Nejd adalah suatu daerah yang sangat terpencil di pedalaman Arab Saudi, daerah yang tandus dan tidak banyak diperhatikan orang sebelum timbulnya gerakan pembaharuan yang dilancarkan oleh Muhammad bin Abdul Wahab. Walaupun daerah ini secara resmi merupakan wilayah kekuasaan Turki pada saat itu, namun pemerintah Turki kurang memperhatikan daerah itu dan tidak mempunyai wakil pemerintahan yang efektif di daerah yang dianggap tidak penting ini. Sehingga kabilah-kabilah Arab yang mendiami daerah ini tetap sebagai kelompok-kelompok yang bebas di bawah bimbingan kepala-kepala suku ‘amir-‘amir. Beberapa sejarawan seperti Ibnu Ghudamah, Ibnu Basyar dan lainnya menggambarkan keadaan penduduk negeri Nejd ketika itu banyak dikuasai oleh praktik-praktik bidah, khurâfat, kesyirikan dan keterbelakangan dalam memahami agama-agama yang benar. Pandangan masyarakat Nejd terhadap seseorang bergantung pada nasab yang ia miliki. Pada masa itu masyarakat Nejd terbagi menjadi dua kelompok atau dua golongan, Hadhari dan Badawi Badui. Orang Badui konsisten dengan kehidupan padang pasirnya. Mereka merasa bahwa orang-orang Hadhari lebih rendah di hadapan mereka. Di awal abad ke-12 H, kawasan Nejd dikuasai oleh kabilah-kabilah. Setiap daerah memiliki ‘amir. Masing-masing daerahkabilah memiliki kemerdekaan penuh mengatur rumah tangganya sendiri sehingga lebih menyerupai kerajaan-kerajaan kecil. Daerah Uyainah dipimpin oleh Alu Mamar, Riyayyah dipimpin oleh Alu Saud, Riyadh oleh Alu Duwas, Hail oleh Alu Ali, Qushaim oleh Alu Hujailan, dan bagian utara Nejd oleh Alu Syubaib.

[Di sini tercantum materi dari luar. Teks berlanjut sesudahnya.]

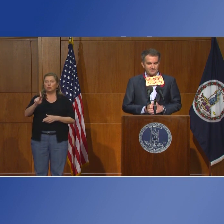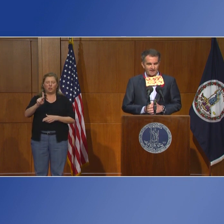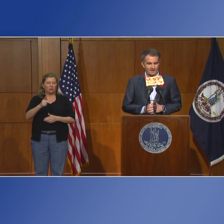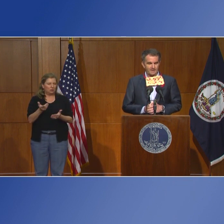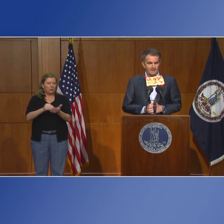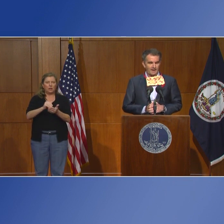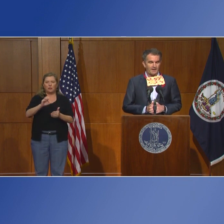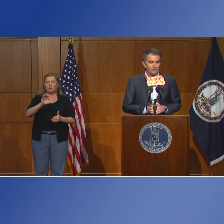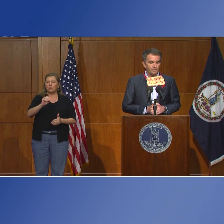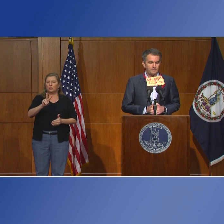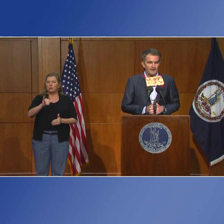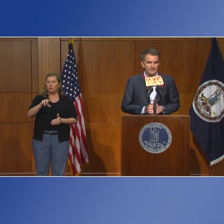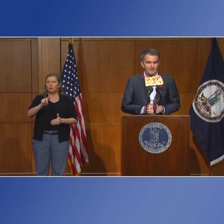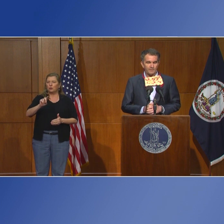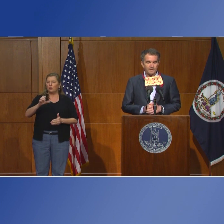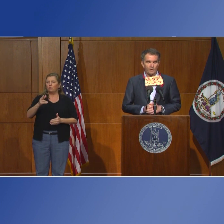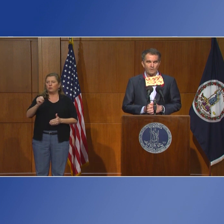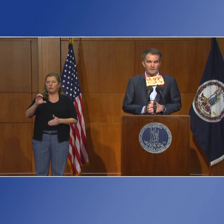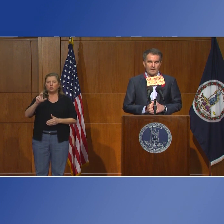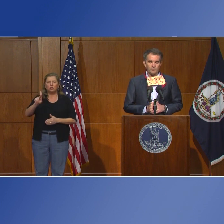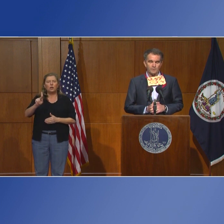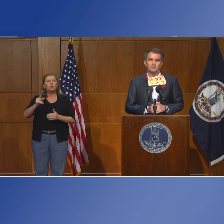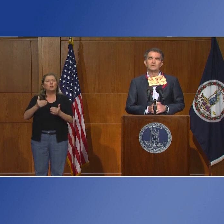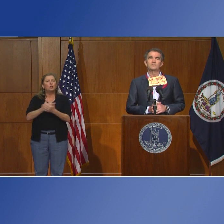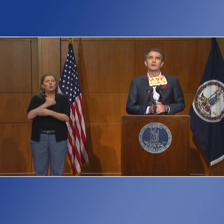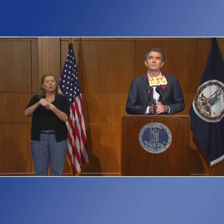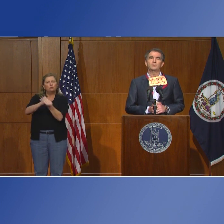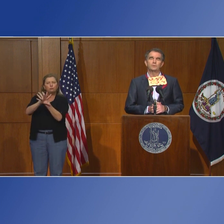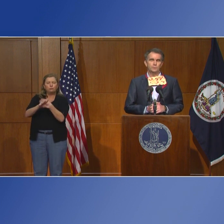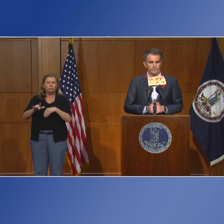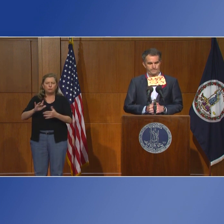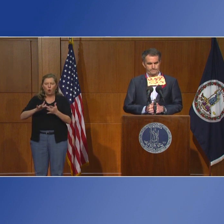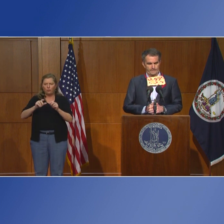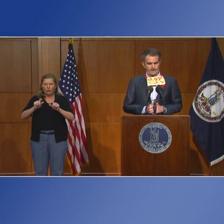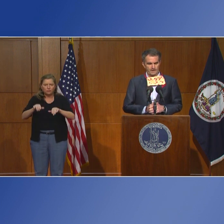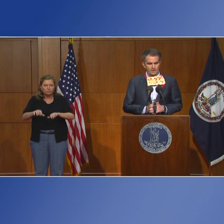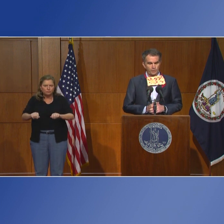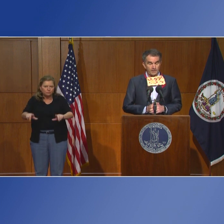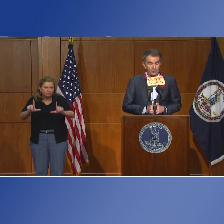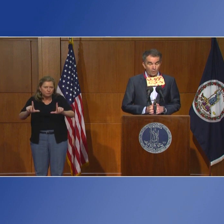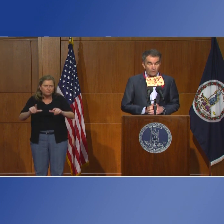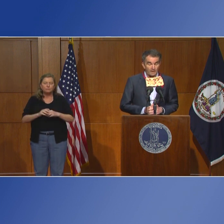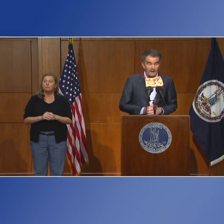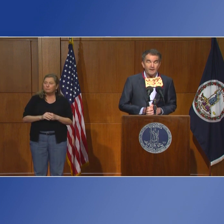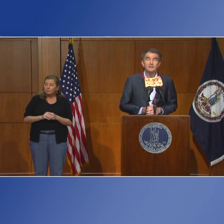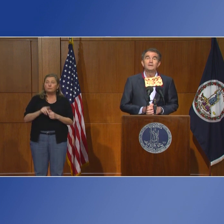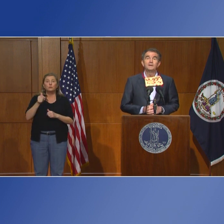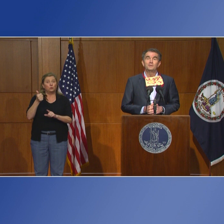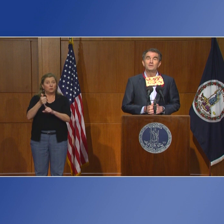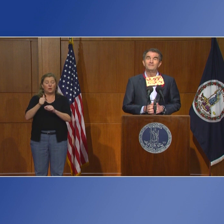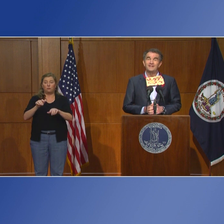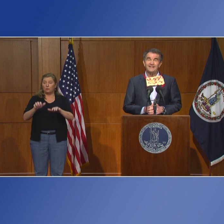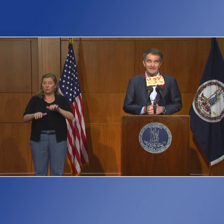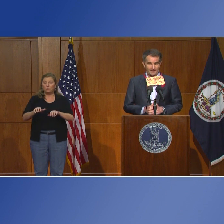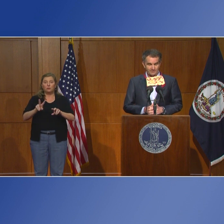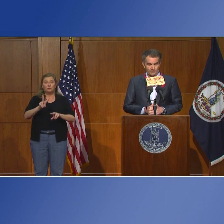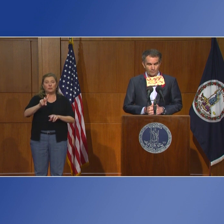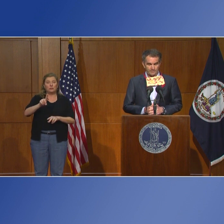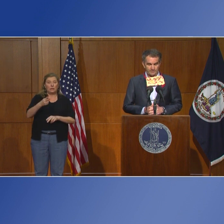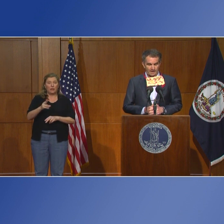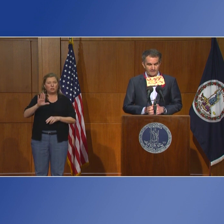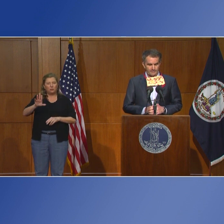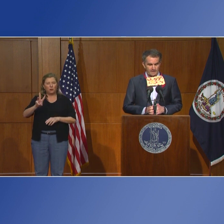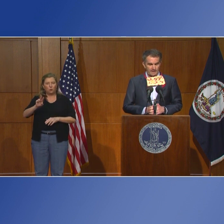Esta nueva iniciativa se llama COVIDCheck, que es una nueva herramienta de asesoría. Puede encontrarlo en el sitio
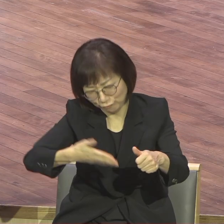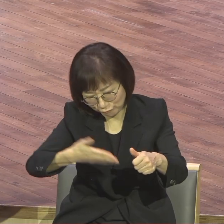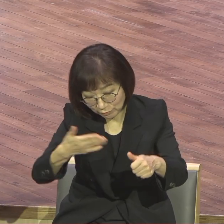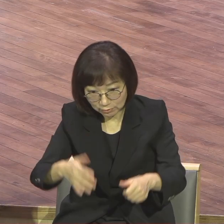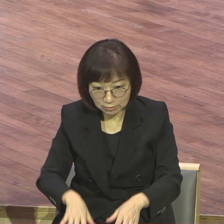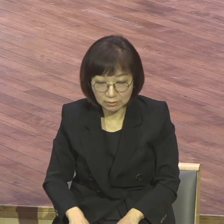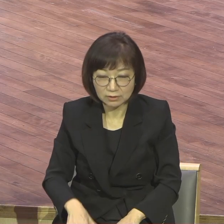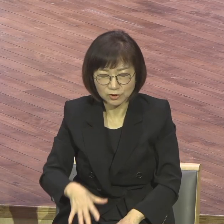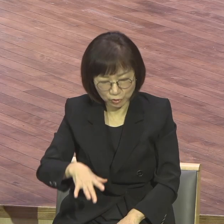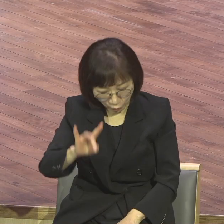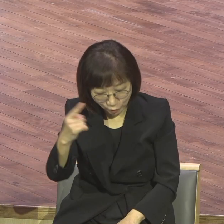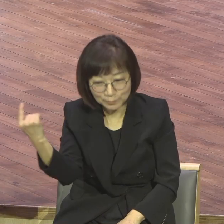성도 여러분

c. Lahirnya Da’wah Muhammad bin Abdul Wahab

Dalam kondisi yang sangat sulit, situasi yang buruk, serta keadaan yang gelap gulita, terbitlah cahaya kebenaran yang menyinari segenap ufuk cakrawala yaitu ketika Muhammad bin Abdul Wahab berusaha bangkit dengan membawa dawah tauhid dan sunnah Nabi. Peristiwa monumental tersebut terjadi pada pertengahan abad ke-20 Hijriyah, ketika ayah beliau masih hidup. Demi memikirkan masa depan agama dan umat, sang ayah ikut merasa prihatin. Namun, beliau menyuruh putranya agar tetap tegar. Ketika sang ayah meninggal dunia pada tahun 1153 H, Muhammad Bin Abdul Wahab mulai berani terang-terangan menyingkap kebenaran, memantapkan tauhid, mengibarkan sunnah Nabi saw, menyuruh kepada yang maruf, dan mencegah dari yang mungkar. Beliau mengingkari berbagai macam bidah atau sesuatu yang diada-adakan dalam urusan akidah, ibadah dan istiadat. Beliau juga menyebarluaskan ilmu, menegakkan hukum, menyingkap kejelekan keadaan orang- orang yang jahil, serta menentang orang-orang yang suka berbuat bidah dan menuruti keinginan-keinginan hawa nafsu. Pada waktu itulah beliau menjadi terkenal dan ikut bergabung bersamanya orang-orang yang ikhlas, shalih, dan bersemangat dalam memperbaiki agama ini. Ada beberapa orang yang kemudian ikut bergabung bersamanya, terlebih ketika beliau melakukan penebangan terhadap pohon-pohon yang dikeramatkan oleh banyak orang Uyainah. Selanjutnya, beliau merobohkan bangunan-bangunan yang berdiri di atas kuburan dan menghukum rajam terhadap wanita yang mengaku kepadanya telah berzina setelah syarat-syaratnya terpenuhi. Keberanian itu membuatnya semakin terkenal sehingga membuat banyak orang yang kemudian bergabung membelanya secara terang-terangan. Sedangkan, orang-orang yang ragu menjadi takut dan juga segan kepadanya.